Beyond The Disease, February 4, 2025
In “Beyond the Disease” MitoWorld partners with the United Mitochondrial Disease Foundation (UMDF) to highlight advances in mitochondrial science and the people responsible for them. www.MitoWorld.org is devoted to better public and medical understanding of underlying mitochondrial science in an effort to raise awareness of the field in order to attract greater funding for the pursuit of mitochondrial disease and dysfunction.
Surprise finding reveals mitochondrial ‘energy factories’ come in two different types, published in Nature, provides an interview with world-class researcher Craig Thompson of the Memorial Sloan Kettering Cancer Center. Thompson and team discovered that mitochondria specialize into two distinct classes in times of starvation.
In “Jumping Numts“, published in Scientific American, Columbia’s Martin Picard and colleagues explore for the first time how mitochondrial DNA (mtDNA) can be transmitted and integrated into nuclear DNA (nDNA) with potentially ill effects.
“Great Balls of Fire,” published in the FEBS Journal, investigates the temperature of mitochondria in cells, which is considerably higher than the surrounding cell. Lead author Howy Jacobs of Tampere University, Finland, is interviewed [Link] by MitoWorld editor, Gary Howard.
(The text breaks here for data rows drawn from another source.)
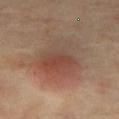The total-body-photography lesion software estimated an area of roughly 21 mm², a shape eccentricity near 0.3, and a symmetry-axis asymmetry near 0.3. And it measured a border-irregularity index near 3/10. It also reported lesion-presence confidence of about 100/100. From the leg. Measured at roughly 5.5 mm in maximum diameter. Captured under cross-polarized illumination. A 15 mm crop from a total-body photograph taken for skin-cancer surveillance. A female subject, about 60 years old.
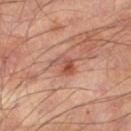| key | value |
|---|---|
| notes | imaged on a skin check; not biopsied |
| TBP lesion metrics | an average lesion color of about L≈48 a*≈24 b*≈28 (CIELAB) |
| illumination | cross-polarized illumination |
| diameter | ~3 mm (longest diameter) |
| site | the left thigh |
| patient | male, in their mid-50s |
| acquisition | total-body-photography crop, ~15 mm field of view |
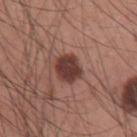workup — no biopsy performed (imaged during a skin exam) | image-analysis metrics — a lesion–skin lightness drop of about 14 and a normalized border contrast of about 11.5; a border-irregularity index near 2/10, a within-lesion color-variation index near 3/10, and a peripheral color-asymmetry measure near 1 | patient — male, aged approximately 35 | image — 15 mm crop, total-body photography | body site — the left upper arm | lighting — white-light illumination | size — ~3 mm (longest diameter).
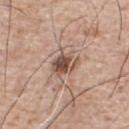biopsy_status: not biopsied; imaged during a skin examination
automated_metrics:
  area_mm2_approx: 6.5
  eccentricity: 0.6
  shape_asymmetry: 0.25
  nevus_likeness_0_100: 90
site: chest
lighting: white-light
image:
  source: total-body photography crop
  field_of_view_mm: 15
patient:
  sex: male
  age_approx: 75
lesion_size:
  long_diameter_mm_approx: 3.0
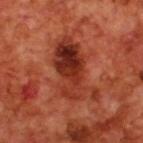{"biopsy_status": "not biopsied; imaged during a skin examination"}
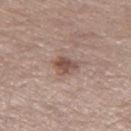biopsy status — total-body-photography surveillance lesion; no biopsy | lesion diameter — ~3 mm (longest diameter) | image source — ~15 mm tile from a whole-body skin photo | lighting — white-light | patient — female, in their mid- to late 60s | image-analysis metrics — a lesion–skin lightness drop of about 11 and a lesion-to-skin contrast of about 8 (normalized; higher = more distinct) | anatomic site — the left thigh.
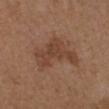A female subject about 40 years old. The lesion-visualizer software estimated a footprint of about 15 mm², a shape eccentricity near 0.85, and two-axis asymmetry of about 0.55. The software also gave a border-irregularity rating of about 6.5/10, a within-lesion color-variation index near 3/10, and radial color variation of about 1. Longest diameter approximately 6 mm. On the left forearm. The tile uses white-light illumination. A 15 mm close-up extracted from a 3D total-body photography capture.
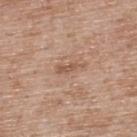notes: imaged on a skin check; not biopsied
lesion diameter: ~3.5 mm (longest diameter)
subject: male, approximately 50 years of age
imaging modality: ~15 mm tile from a whole-body skin photo
anatomic site: the upper back
TBP lesion metrics: a mean CIELAB color near L≈55 a*≈20 b*≈29 and a normalized lesion–skin contrast near 6; a border-irregularity index near 5.5/10; an automated nevus-likeness rating near 0 out of 100
lighting: white-light
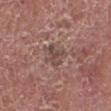Clinical impression: Recorded during total-body skin imaging; not selected for excision or biopsy. Context: The lesion's longest dimension is about 3 mm. Located on the leg. An algorithmic analysis of the crop reported an outline eccentricity of about 0.65 (0 = round, 1 = elongated). The analysis additionally found a lesion color around L≈46 a*≈18 b*≈21 in CIELAB and a normalized lesion–skin contrast near 6.5. It also reported a color-variation rating of about 3.5/10 and radial color variation of about 1. A 15 mm crop from a total-body photograph taken for skin-cancer surveillance. The tile uses white-light illumination. The subject is a male aged approximately 80.
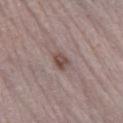| field | value |
|---|---|
| workup | total-body-photography surveillance lesion; no biopsy |
| lighting | white-light illumination |
| image | total-body-photography crop, ~15 mm field of view |
| anatomic site | the right lower leg |
| automated metrics | a lesion area of about 3.5 mm², a shape eccentricity near 0.7, and two-axis asymmetry of about 0.3; an average lesion color of about L≈47 a*≈17 b*≈21 (CIELAB), about 10 CIELAB-L* units darker than the surrounding skin, and a lesion-to-skin contrast of about 8.5 (normalized; higher = more distinct); a border-irregularity index near 2.5/10, a color-variation rating of about 3.5/10, and a peripheral color-asymmetry measure near 1.5; a nevus-likeness score of about 75/100 and a detector confidence of about 100 out of 100 that the crop contains a lesion |
| subject | male, about 70 years old |
| lesion diameter | ~2.5 mm (longest diameter) |
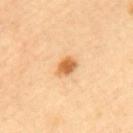The lesion was photographed on a routine skin check and not biopsied; there is no pathology result. A lesion tile, about 15 mm wide, cut from a 3D total-body photograph. The subject is a female aged approximately 60. Approximately 3 mm at its widest. From the upper back.
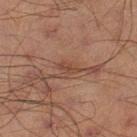Part of a total-body skin-imaging series; this lesion was reviewed on a skin check and was not flagged for biopsy. The lesion's longest dimension is about 2.5 mm. Automated tile analysis of the lesion measured a lesion color around L≈35 a*≈18 b*≈24 in CIELAB, about 6 CIELAB-L* units darker than the surrounding skin, and a normalized border contrast of about 6. The software also gave border irregularity of about 4 on a 0–10 scale. A roughly 15 mm field-of-view crop from a total-body skin photograph. The lesion is located on the left lower leg. A male patient aged 68 to 72.
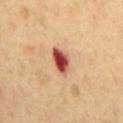notes: catalogued during a skin exam; not biopsied
illumination: cross-polarized illumination
lesion diameter: ≈4 mm
image: ~15 mm crop, total-body skin-cancer survey
patient: male, aged approximately 50
body site: the chest
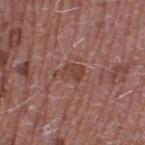Findings:
- workup · total-body-photography surveillance lesion; no biopsy
- lesion diameter · ~3 mm (longest diameter)
- illumination · white-light
- TBP lesion metrics · an area of roughly 4 mm², a shape eccentricity near 0.8, and a symmetry-axis asymmetry near 0.35; an average lesion color of about L≈42 a*≈22 b*≈24 (CIELAB), about 7 CIELAB-L* units darker than the surrounding skin, and a normalized border contrast of about 6; internal color variation of about 1.5 on a 0–10 scale and a peripheral color-asymmetry measure near 0.5
- imaging modality · 15 mm crop, total-body photography
- subject · male, approximately 60 years of age
- anatomic site · the leg
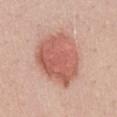{"biopsy_status": "not biopsied; imaged during a skin examination", "site": "mid back", "lighting": "white-light", "lesion_size": {"long_diameter_mm_approx": 7.0}, "image": {"source": "total-body photography crop", "field_of_view_mm": 15}, "patient": {"sex": "male", "age_approx": 40}}
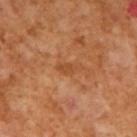Q: Is there a histopathology result?
A: catalogued during a skin exam; not biopsied
Q: Lesion size?
A: ~3 mm (longest diameter)
Q: What kind of image is this?
A: ~15 mm tile from a whole-body skin photo
Q: What did automated image analysis measure?
A: a border-irregularity index near 4/10, a within-lesion color-variation index near 0.5/10, and radial color variation of about 0.5
Q: What are the patient's age and sex?
A: male, in their mid- to late 60s
Q: Illumination type?
A: cross-polarized
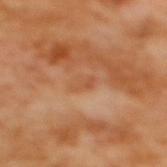Part of a total-body skin-imaging series; this lesion was reviewed on a skin check and was not flagged for biopsy. Located on the upper back. A female patient, aged approximately 55. Cropped from a whole-body photographic skin survey; the tile spans about 15 mm. The total-body-photography lesion software estimated an area of roughly 3 mm², a shape eccentricity near 0.85, and a symmetry-axis asymmetry near 0.35. The analysis additionally found a normalized lesion–skin contrast near 5.5. The analysis additionally found a border-irregularity index near 3/10 and peripheral color asymmetry of about 1. The tile uses cross-polarized illumination.
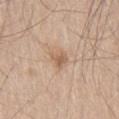No biopsy was performed on this lesion — it was imaged during a full skin examination and was not determined to be concerning. Cropped from a total-body skin-imaging series; the visible field is about 15 mm. The total-body-photography lesion software estimated a footprint of about 4 mm², an outline eccentricity of about 0.6 (0 = round, 1 = elongated), and two-axis asymmetry of about 0.4. And it measured an average lesion color of about L≈60 a*≈18 b*≈32 (CIELAB), roughly 9 lightness units darker than nearby skin, and a normalized lesion–skin contrast near 6.5. And it measured internal color variation of about 3 on a 0–10 scale and peripheral color asymmetry of about 1. The patient is a male aged 63–67. The lesion is located on the right thigh.
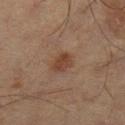Recorded during total-body skin imaging; not selected for excision or biopsy. A 15 mm close-up extracted from a 3D total-body photography capture. A male patient about 60 years old. The lesion is located on the leg. The lesion's longest dimension is about 3 mm.
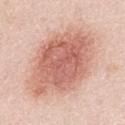Q: Was this lesion biopsied?
A: catalogued during a skin exam; not biopsied
Q: Automated lesion metrics?
A: a lesion color around L≈64 a*≈24 b*≈28 in CIELAB and a normalized lesion–skin contrast near 8; a border-irregularity index near 1.5/10 and radial color variation of about 1.5
Q: Where on the body is the lesion?
A: the front of the torso
Q: Patient demographics?
A: female, in their mid-60s
Q: What is the imaging modality?
A: ~15 mm crop, total-body skin-cancer survey
Q: How large is the lesion?
A: ≈10.5 mm
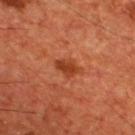This lesion was catalogued during total-body skin photography and was not selected for biopsy. A 15 mm close-up tile from a total-body photography series done for melanoma screening. Measured at roughly 3 mm in maximum diameter. On the front of the torso. The total-body-photography lesion software estimated a symmetry-axis asymmetry near 0.3. The software also gave border irregularity of about 2.5 on a 0–10 scale, a within-lesion color-variation index near 1.5/10, and peripheral color asymmetry of about 0.5. A male subject, aged approximately 55.
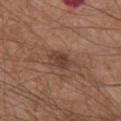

In this MitoWorld “Spotlight,” Life Sciences reporter Daniel Levine interviews Navdeep Chandel, PhD, David W. Cugell Professor of Medicine, Biochemistry, and Molecular Genetics at Northwestern University, about how the field of mitochondrial sciences is evolving and the need for greater investment to unlock treatments.
Creating the accepted language of mitochondrial transfer and transplantation is contained in a Consensus Statement published in Nature Metabolism, January 16, 2024, entitled, “Recommendations for mitochondria transfer and transplantation nomenclature and characterization.” Dr. Jon Brestoff of Washington University School of Medicine in St. Louis, and co-chair Keshav Singh, Department of Genetics, University of Alabama at Birmingham, led a team of 31 investigators from 13 countries to an agreement on recommended language to describe the rising field of naturally occurring mitochondria transfer between cells and external transplantation of mitochondria into cells, tissue and organs. Dr. Brestoff said, “The purpose of this article was to bring together experts in mitochondria transfer and transplantation and on mitochondria biology from around the world to make recommendations about terminology and characterization standards for the field’s benefit.”